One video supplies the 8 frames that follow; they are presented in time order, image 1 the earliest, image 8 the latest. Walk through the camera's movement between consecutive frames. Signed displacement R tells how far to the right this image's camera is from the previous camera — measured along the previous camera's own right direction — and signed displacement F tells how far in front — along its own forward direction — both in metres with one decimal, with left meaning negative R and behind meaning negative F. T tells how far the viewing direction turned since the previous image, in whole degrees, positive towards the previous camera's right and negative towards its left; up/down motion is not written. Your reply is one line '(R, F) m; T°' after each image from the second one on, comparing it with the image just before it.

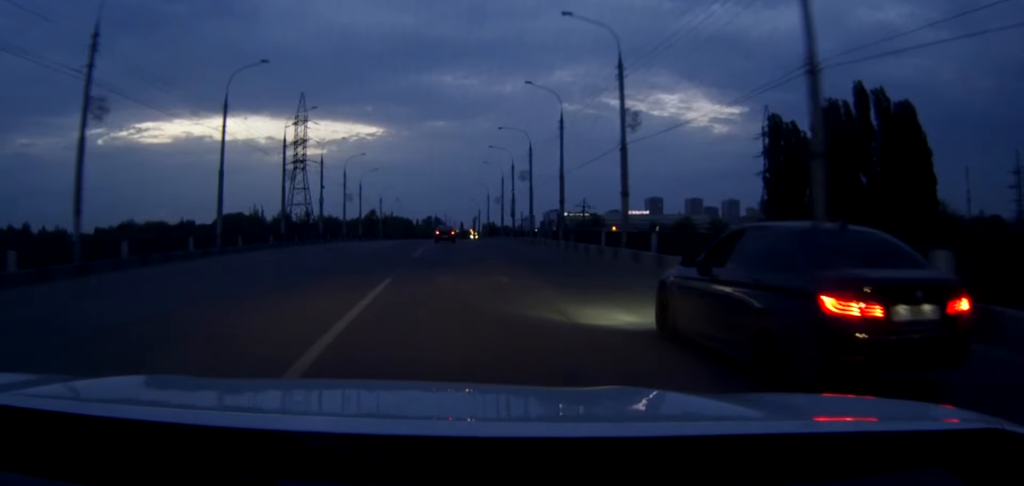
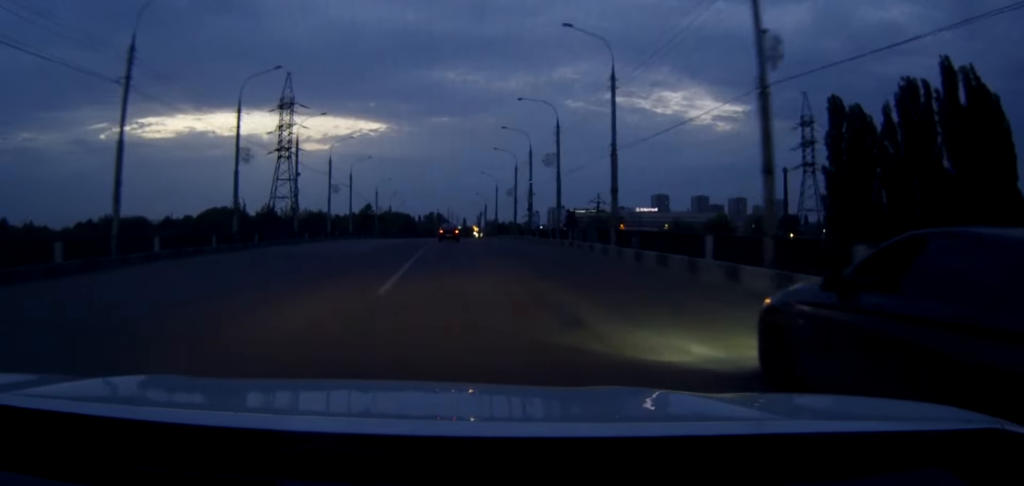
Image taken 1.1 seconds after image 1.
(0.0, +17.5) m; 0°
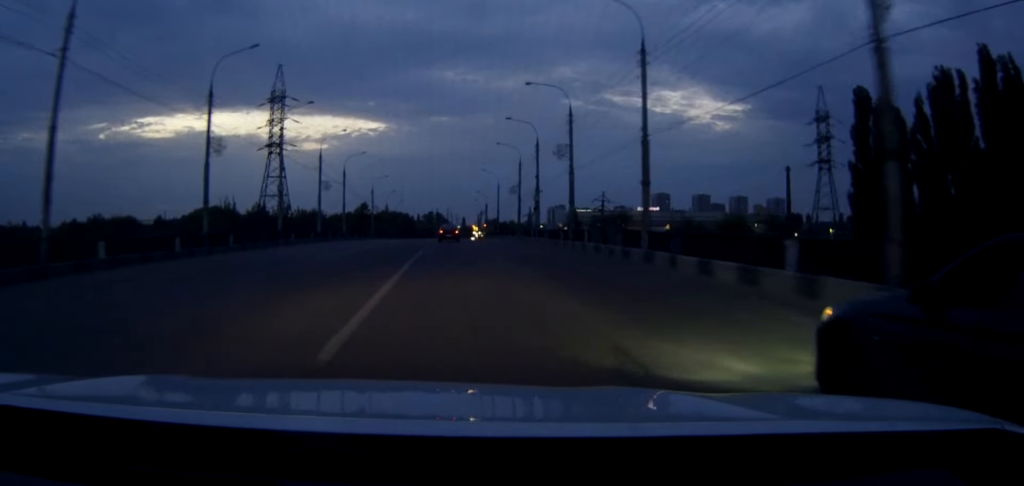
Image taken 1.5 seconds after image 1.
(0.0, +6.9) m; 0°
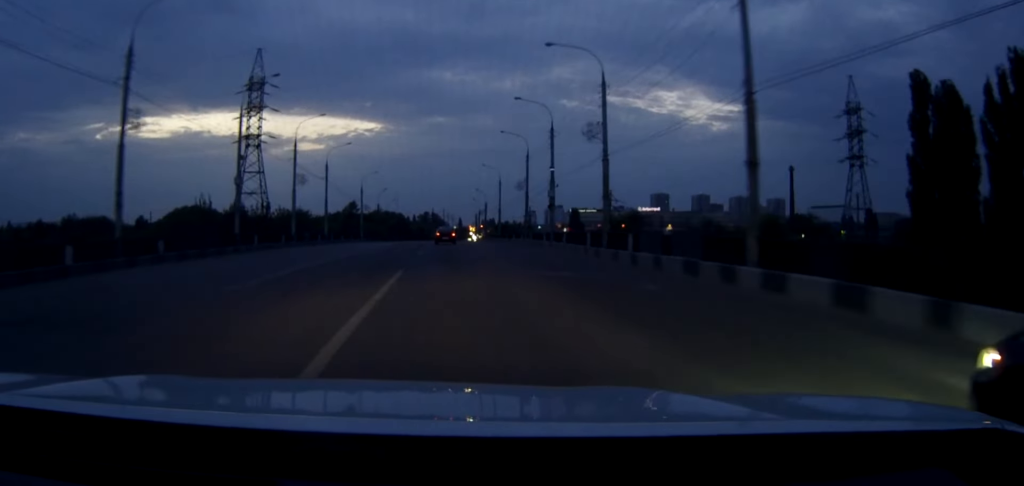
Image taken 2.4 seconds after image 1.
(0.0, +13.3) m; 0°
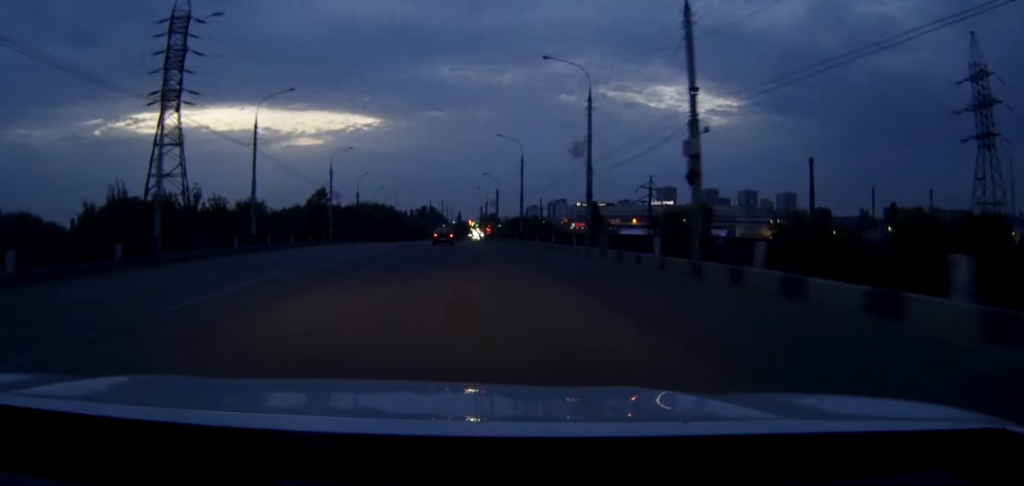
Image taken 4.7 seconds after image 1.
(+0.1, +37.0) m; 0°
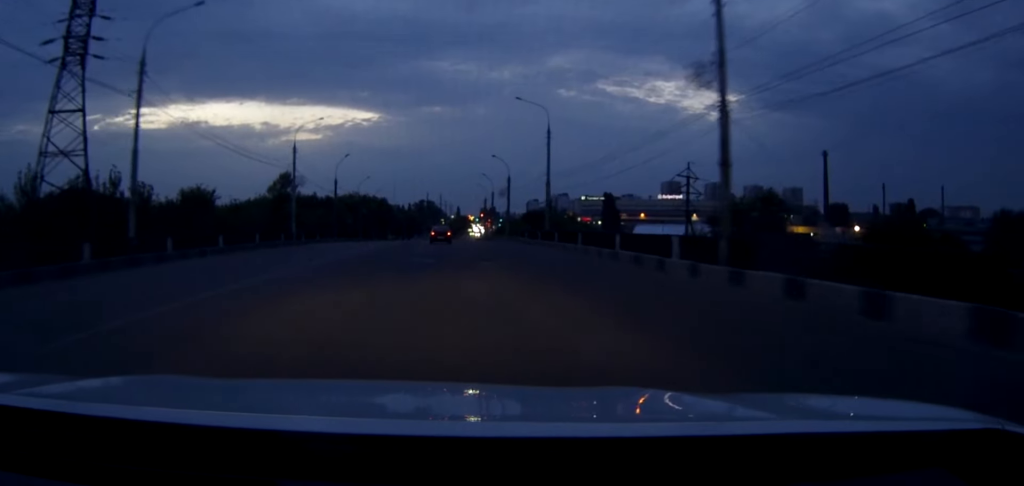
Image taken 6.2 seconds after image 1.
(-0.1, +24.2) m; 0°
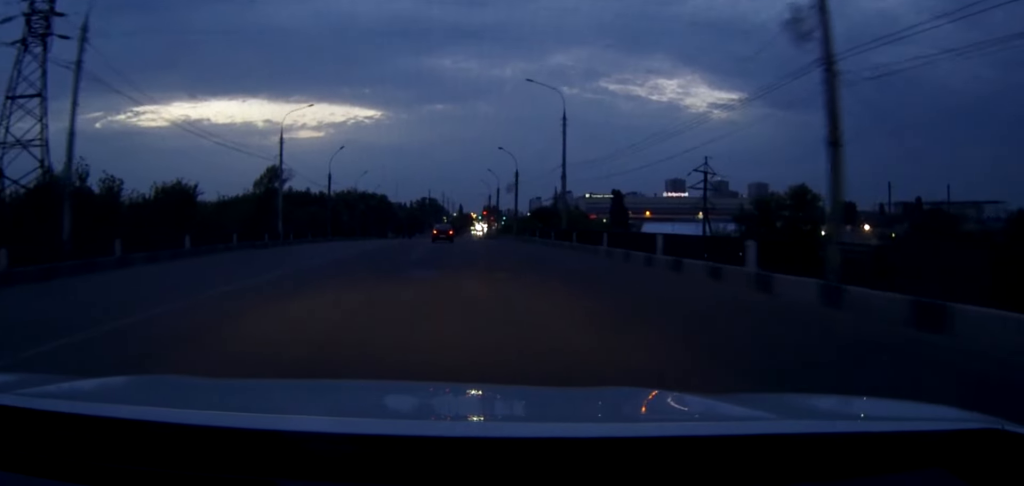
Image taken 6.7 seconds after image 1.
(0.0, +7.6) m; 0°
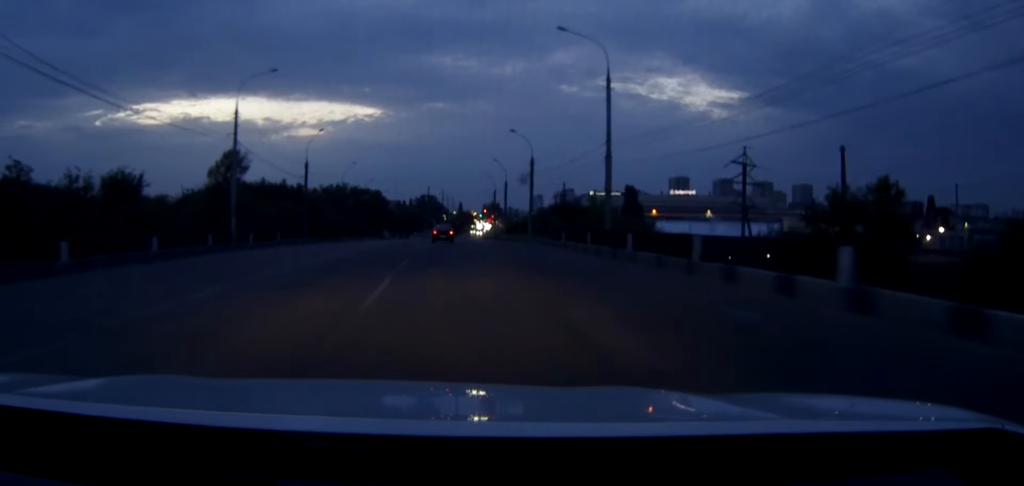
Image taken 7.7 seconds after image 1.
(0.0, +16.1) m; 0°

######

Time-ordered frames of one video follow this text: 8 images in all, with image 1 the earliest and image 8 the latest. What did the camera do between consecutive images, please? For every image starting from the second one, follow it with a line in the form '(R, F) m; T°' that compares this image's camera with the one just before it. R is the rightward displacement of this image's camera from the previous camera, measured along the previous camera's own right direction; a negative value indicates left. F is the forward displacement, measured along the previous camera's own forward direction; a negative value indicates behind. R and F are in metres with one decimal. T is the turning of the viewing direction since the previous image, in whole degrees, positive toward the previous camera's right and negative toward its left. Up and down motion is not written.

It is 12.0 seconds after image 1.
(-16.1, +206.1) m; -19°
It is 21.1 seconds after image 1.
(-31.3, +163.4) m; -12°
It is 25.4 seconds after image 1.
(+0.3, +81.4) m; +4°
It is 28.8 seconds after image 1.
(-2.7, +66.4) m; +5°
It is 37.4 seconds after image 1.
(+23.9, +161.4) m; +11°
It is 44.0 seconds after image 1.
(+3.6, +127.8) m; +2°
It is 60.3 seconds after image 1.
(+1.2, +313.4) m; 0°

######

- [WHAT TO PRODUCE] All lines in the listing above that contain "decimal" should be shown.

- [OUTPUT FOR THIS TASK]
One video supplies the 8 frames that follow; they are presented in time order, image 1 the earliest, image 8 the latest. Walk through the camera's movement between consecutive frames. Signed displacement R tells how far to the right this image's camera is from the previous camera — measured along the previous camera's own right direction — and signed displacement F tells how far in front — along its own forward direction — both in metres with one decimal, with left meaning negative R and behind meaning negative F. T tells how far the viewing direction turned since the previous image, in whole degrees, positive towards the previous camera's right and negative towards its left; up/down motion is not written. Your reply is one line '(R, F) m; T°' after each image from the second one on, comparing it with the image just before it.
Time-ordered frames of one video follow this text: 8 images in all, with image 1 the earliest and image 8 the latest. What did the camera do between consecutive images, please? For every image starting from the second one, follow it with a line in the form '(R, F) m; T°' that compares this image's camera with the one just before it. R is the rightward displacement of this image's camera from the previous camera, measured along the previous camera's own right direction; a negative value indicates left. F is the forward displacement, measured along the previous camera's own forward direction; a negative value indicates behind. R and F are in metres with one decimal. T is the turning of the viewing direction since the previous image, in whole degrees, positive toward the previous camera's right and negative toward its left. Up and down motion is not written.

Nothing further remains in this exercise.